A manhunt was under way after the attacker opened fire at around 8pm local time (19:00 GMT) on Tuesday on one of the city’s busiest streets, sending crowds of evening shoppers fleeing for safety.
Interior Minister Christophe Castaner said the gunman, who exchanged shots with security forces twice as he escaped, had evaded a police dragnet and was on the run.
“The government has raised its security threat to the highest level and is bolstering border controls,” Castaner told a late-night news conference held in the city. “We will also reinforce security at all Christmas markets to prevent copycat attacks.”
The motive was not immediately clear. The counterterrorism prosecutor opened an investigation while 350 security agents and two helicopters were hunting for the gunman.
Police identified the suspect as a 29-year-old, who was known to the intelligence services as a potential security risk.
Police union officials told The Associated Press news agency that authorities went to the alleged attacker’s residence earlier on Tuesday to arrest him, but the 29-year-old was not home.
People in the city’s Neudorf area and Etoile park were told to stay where they were as officers hunted the shooter on the ground and from the air.
Later on Tuesday, police started to release thousands of people confined in buildings, in groups of about 100. A police helicopter is circling overhead, and entire neighbourhoods of the city – which lies on the border with Germany – remain cordoned off.
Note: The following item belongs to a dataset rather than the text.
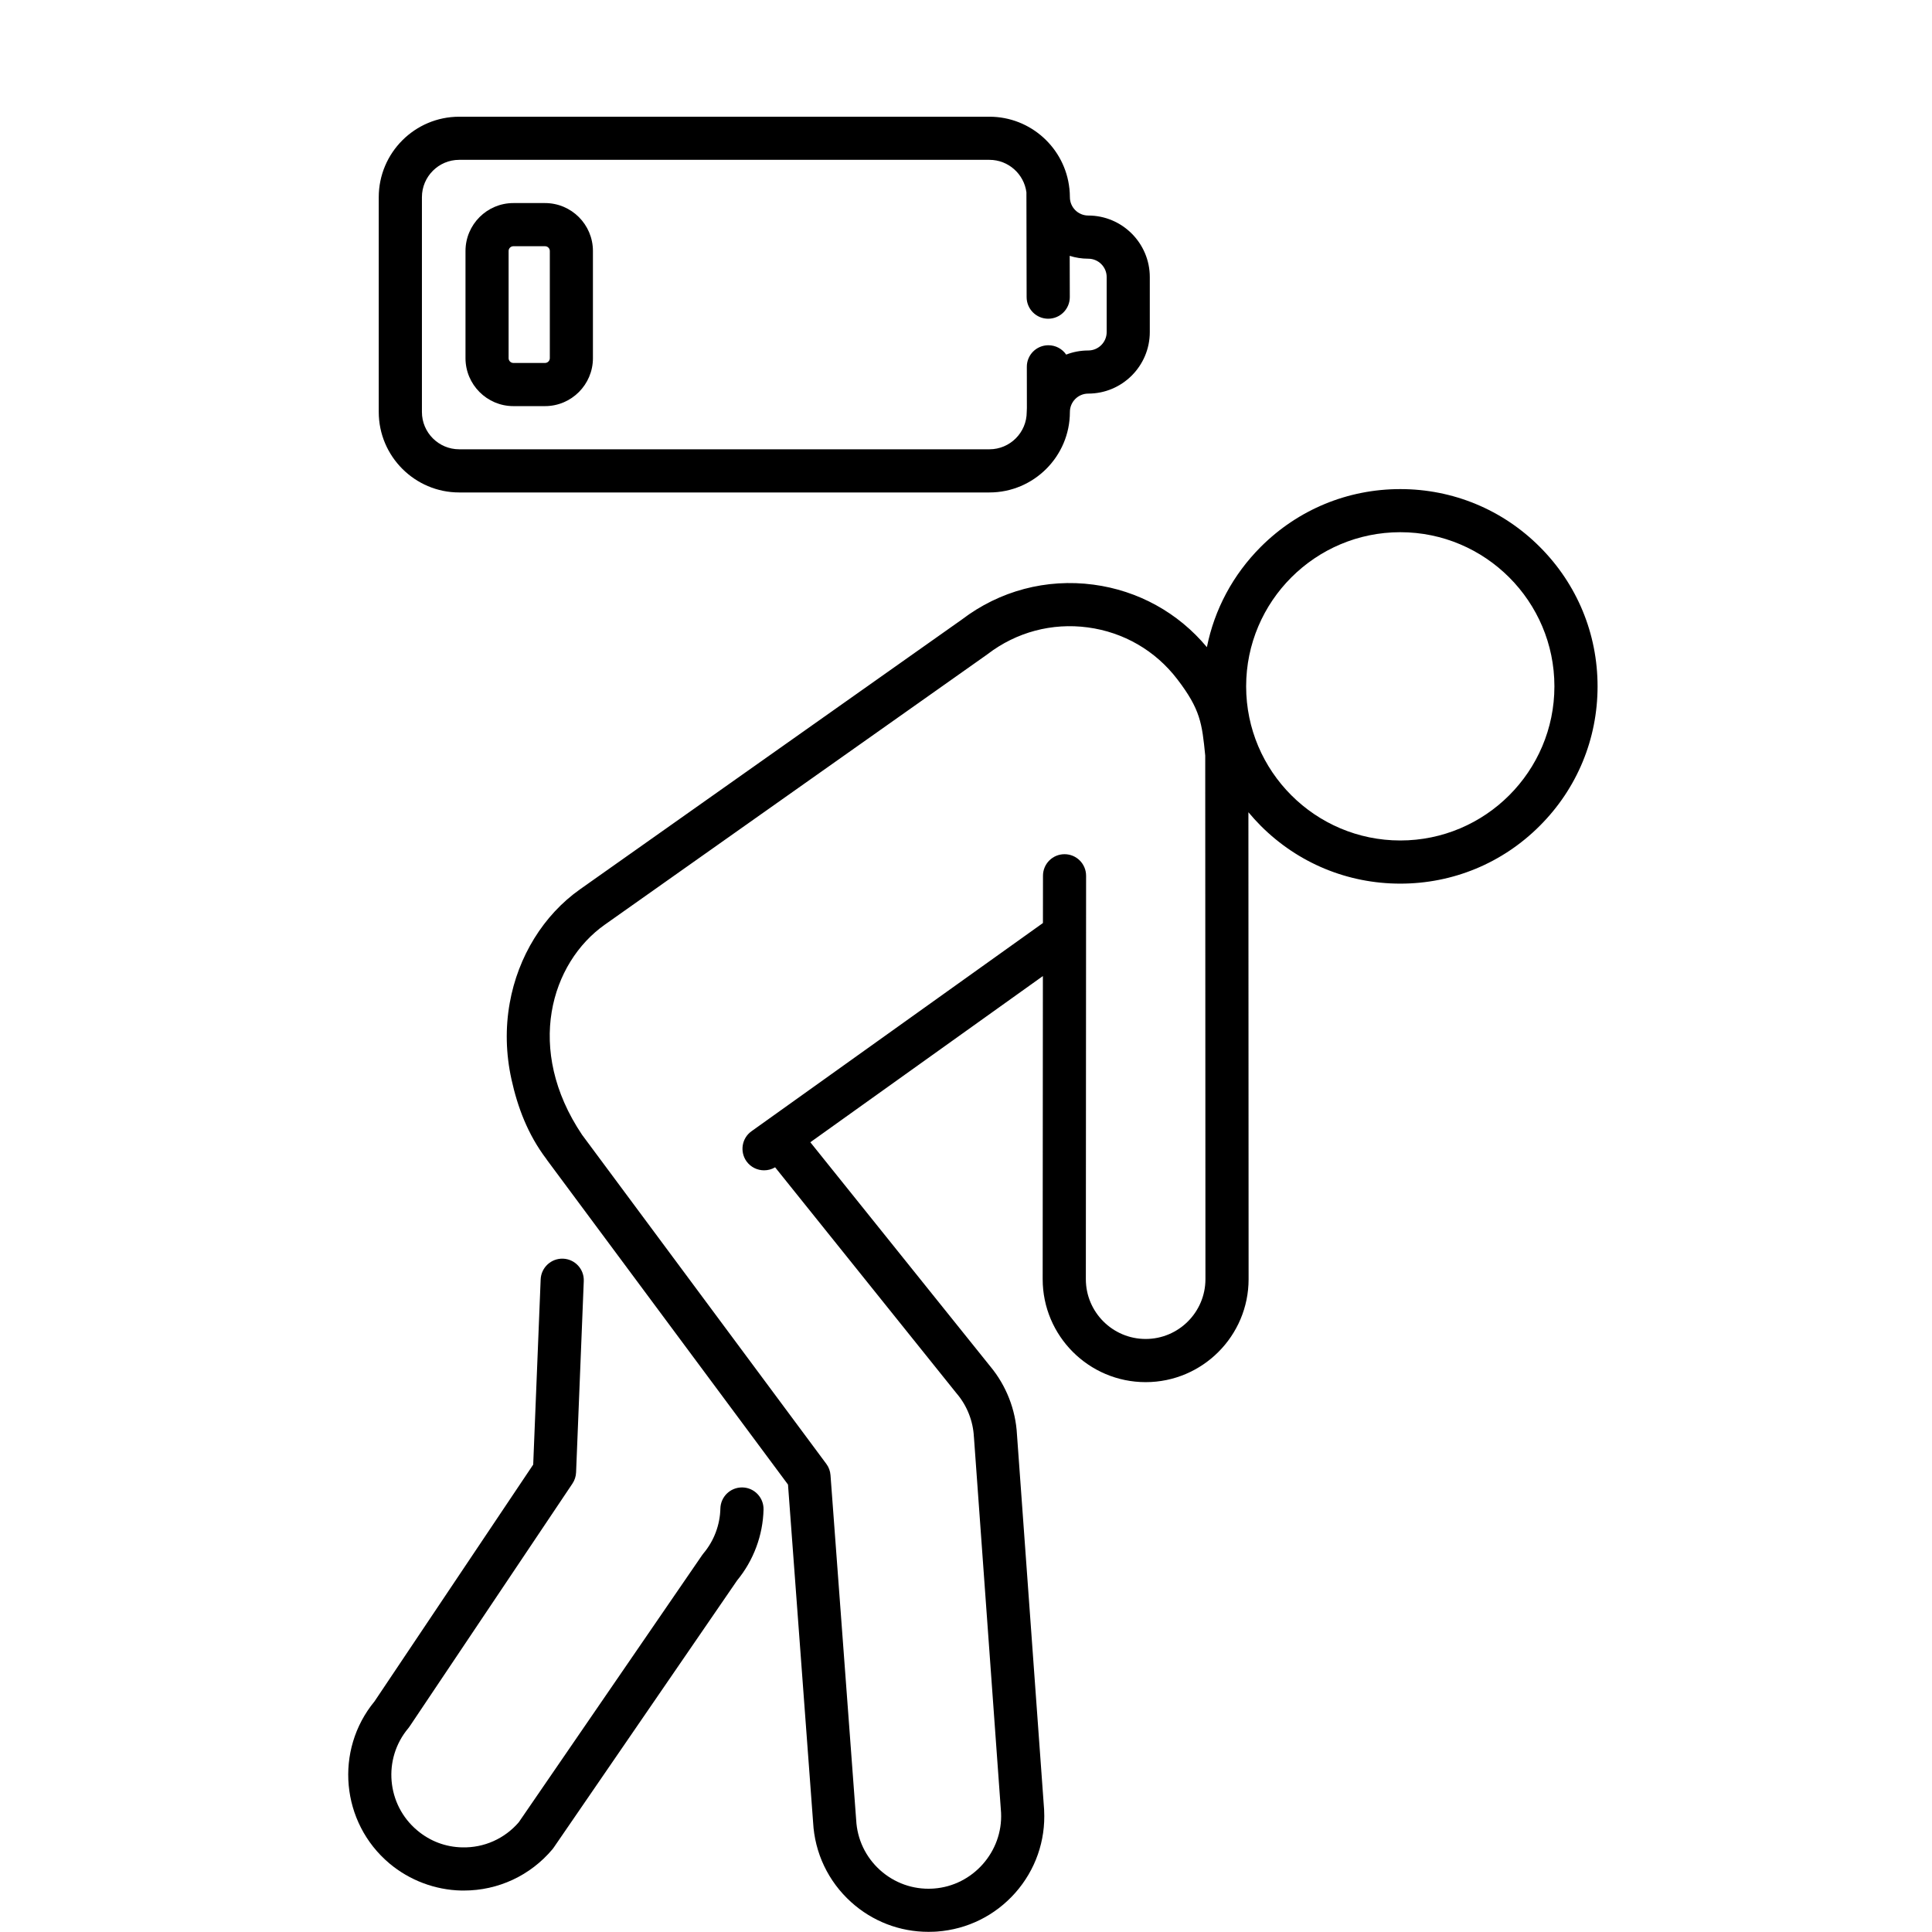 <svg version="1.0" preserveAspectRatio="xMidYMid meet" height="200" viewBox="0 0 150 150" zoomAndPan="magnify" width="200" xmlns:xlink="http://www.w3.org/1999/xlink" xmlns="http://www.w3.org/2000/svg"><defs><clipPath id="12741007a3"><path clip-rule="nonzero" d="M 39.316 37.926 L 124.035 37.926 L 124.035 149.988 L 39.316 149.988 Z M 39.316 37.926"></path></clipPath><clipPath id="372f9054b9"><path clip-rule="nonzero" d="M 29 9.062 L 90 9.062 L 90 39 L 29 39 Z M 29 9.062"></path></clipPath></defs><g clip-path="url(#12741007a3)"><path fill-rule="nonzero" fill-opacity="1" d="M 108.719 65.254 C 102.121 65.254 96.75 59.887 96.75 53.289 C 96.75 46.688 102.121 41.32 108.719 41.32 C 115.316 41.32 120.684 46.688 120.684 53.289 C 120.684 59.887 115.316 65.254 108.719 65.254 Z M 88.949 103.957 C 86.387 103.957 84.305 101.875 84.305 99.316 L 84.324 67.996 C 84.324 67.07 83.578 66.32 82.652 66.32 C 82.652 66.32 82.652 66.32 82.648 66.32 C 81.727 66.32 80.977 67.066 80.977 67.992 L 80.973 71.664 L 58.348 87.828 C 57.594 88.363 57.422 89.41 57.957 90.164 C 58.285 90.621 58.801 90.863 59.32 90.863 C 59.617 90.863 59.914 90.789 60.18 90.629 L 74.285 108.203 C 74.293 108.211 74.301 108.219 74.309 108.23 C 75.09 109.16 75.551 110.344 75.613 111.559 C 75.613 111.57 75.613 111.582 75.617 111.594 L 77.723 140.742 C 77.867 143.766 75.531 146.406 72.508 146.625 C 72.465 146.629 72.422 146.633 72.379 146.633 C 70.879 146.711 69.438 146.195 68.32 145.188 C 67.203 144.176 66.547 142.793 66.473 141.293 C 66.473 141.277 66.469 141.266 66.469 141.25 L 64.48 114.531 C 64.457 114.215 64.348 113.91 64.156 113.656 L 45.191 88.105 C 40.73 81.465 42.773 74.742 46.965 71.785 L 76.633 50.82 C 76.652 50.809 76.668 50.793 76.684 50.781 C 78.914 49.078 81.672 48.34 84.453 48.711 C 87.234 49.082 89.707 50.512 91.41 52.742 C 93.199 55.082 93.324 56.148 93.574 58.664 L 93.59 99.312 C 93.59 101.875 91.508 103.957 88.949 103.957 Z M 119.547 42.457 C 116.656 39.566 112.809 37.973 108.719 37.973 C 104.625 37.973 100.781 39.566 97.887 42.457 C 95.727 44.621 94.289 47.316 93.703 50.246 C 91.473 47.57 88.367 45.852 84.895 45.391 C 81.238 44.906 77.609 45.867 74.676 48.102 L 45.031 69.047 C 42.203 71.043 40.215 74.262 39.574 77.879 C 39.227 79.82 39.273 81.816 39.711 83.805 C 40.18 85.934 40.965 88.066 42.422 89.988 C 42.422 89.992 42.426 89.996 42.426 89.996 C 42.43 90 42.43 90 42.43 90.004 C 42.434 90.008 42.438 90.012 42.441 90.016 C 42.453 90.031 42.461 90.051 42.473 90.066 L 61.18 115.262 L 63.129 141.48 C 63.254 143.867 64.301 146.066 66.074 147.672 C 67.738 149.176 69.859 149.988 72.086 149.988 C 72.242 149.988 72.395 149.984 72.551 149.977 C 72.617 149.973 72.688 149.969 72.754 149.965 C 75.102 149.793 77.258 148.727 78.824 146.961 C 80.391 145.191 81.188 142.914 81.066 140.555 C 81.066 140.543 81.066 140.531 81.066 140.52 L 78.957 111.371 C 78.855 109.445 78.121 107.574 76.891 106.094 L 62.914 88.684 L 80.969 75.781 L 80.953 99.312 C 80.953 103.723 84.539 107.309 88.949 107.309 C 93.355 107.309 96.941 103.723 96.941 99.312 L 96.926 63.062 C 97.23 63.426 97.551 63.777 97.887 64.117 C 100.781 67.012 104.625 68.605 108.719 68.605 C 112.809 68.605 116.656 67.012 119.547 64.117 C 122.441 61.227 124.035 57.379 124.035 53.289 C 124.035 49.195 122.441 45.352 119.547 42.457" fill="#000000"></path></g><path fill-rule="nonzero" fill-opacity="1" d="M 57.645 115.484 C 57.633 115.484 57.617 115.484 57.605 115.484 C 56.699 115.484 55.953 116.207 55.93 117.121 C 55.902 118.395 55.434 119.637 54.609 120.613 C 54.578 120.652 54.543 120.695 54.512 120.742 L 40.277 141.48 C 39.176 142.758 37.582 143.469 35.895 143.43 C 34.598 143.406 33.387 142.949 32.391 142.109 C 30.012 140.113 29.703 136.551 31.703 134.176 C 31.742 134.129 31.777 134.078 31.812 134.027 L 44.445 115.184 C 44.617 114.926 44.715 114.625 44.727 114.316 L 45.324 99.465 C 45.363 98.539 44.645 97.762 43.719 97.723 C 42.797 97.688 42.016 98.406 41.977 99.332 L 41.398 113.711 L 29.078 132.094 C 25.957 135.883 26.469 141.508 30.234 144.676 C 31.797 145.988 33.785 146.738 35.824 146.781 C 35.887 146.781 35.949 146.781 36.016 146.781 C 38.676 146.781 41.172 145.621 42.891 143.578 C 42.926 143.539 42.957 143.496 42.988 143.449 L 57.23 122.703 C 58.504 121.156 59.234 119.203 59.281 117.199 C 59.301 116.273 58.57 115.504 57.645 115.484" fill="#000000"></path><g clip-path="url(#372f9054b9)"><path fill-rule="nonzero" fill-opacity="1" d="M 32.758 15.309 C 32.758 13.711 34.055 12.41 35.652 12.41 L 76.82 12.41 C 78.289 12.41 79.504 13.512 79.691 14.93 L 79.707 23.074 C 79.711 23.996 80.457 24.746 81.383 24.746 C 81.383 24.746 81.383 24.746 81.387 24.746 C 82.312 24.742 83.059 23.992 83.059 23.066 L 83.051 19.863 C 83.504 20.008 83.988 20.086 84.492 20.086 C 85.281 20.086 85.922 20.727 85.922 21.512 L 85.922 25.781 C 85.922 26.57 85.281 27.211 84.492 27.211 C 83.887 27.211 83.309 27.324 82.777 27.531 C 82.477 27.09 81.969 26.805 81.395 26.805 C 80.469 26.805 79.719 27.555 79.723 28.48 L 79.727 31.676 C 79.719 31.777 79.715 31.883 79.715 31.988 C 79.715 33.582 78.418 34.883 76.82 34.883 L 35.652 34.883 C 34.055 34.883 32.758 33.582 32.758 31.988 Z M 35.652 38.234 L 76.82 38.234 C 80.262 38.234 83.066 35.43 83.066 31.988 C 83.066 31.199 83.703 30.559 84.492 30.559 C 87.125 30.559 89.27 28.418 89.27 25.781 L 89.27 21.512 C 89.27 18.879 87.125 16.734 84.492 16.734 C 83.703 16.734 83.066 16.094 83.066 15.309 C 83.066 15.086 83.051 14.867 83.031 14.656 C 83.031 14.648 83.027 14.645 83.027 14.637 C 82.691 11.508 80.035 9.062 76.82 9.062 L 35.652 9.062 C 32.211 9.062 29.406 11.863 29.406 15.309 L 29.406 31.988 C 29.406 35.43 32.211 38.234 35.652 38.234" fill="#000000"></path></g><path fill-rule="nonzero" fill-opacity="1" d="M 39.488 19.488 C 39.488 19.281 39.656 19.117 39.859 19.117 L 42.316 19.117 C 42.52 19.117 42.688 19.281 42.688 19.488 L 42.688 27.809 C 42.688 28.012 42.52 28.18 42.316 28.18 L 39.859 28.18 C 39.656 28.18 39.488 28.012 39.488 27.809 Z M 39.859 31.531 L 42.316 31.531 C 44.367 31.531 46.035 29.859 46.035 27.809 L 46.035 19.488 C 46.035 17.434 44.367 15.766 42.316 15.766 L 39.859 15.766 C 37.809 15.766 36.141 17.434 36.141 19.488 L 36.141 27.809 C 36.141 29.859 37.809 31.531 39.859 31.531" fill="#000000"></path></svg>

The European Parliament, which is sitting in Strasbourg this week, was put into lockdown.
Emmanuel Maurel, a member of European parliament, said he had heard the shots.
“From my hotel window I saw passersby dragging someone who was injured and onlookers panicking,” he wrote on Twitter. “Soldiers and police have cordoned off the area. We’re being told to stay in the hotel.”
A local shopkeeper told BFM TV that the shooting lasted for about 10 minutes. “There were gunshots and people running everywhere,” the shopkeeper added.
The Christmas market was being held amid tight security this year, with unauthorised vehicles excluded from surrounding streets during opening hours and checkpoints set up on bridges and access points to search pedestrians’ bags.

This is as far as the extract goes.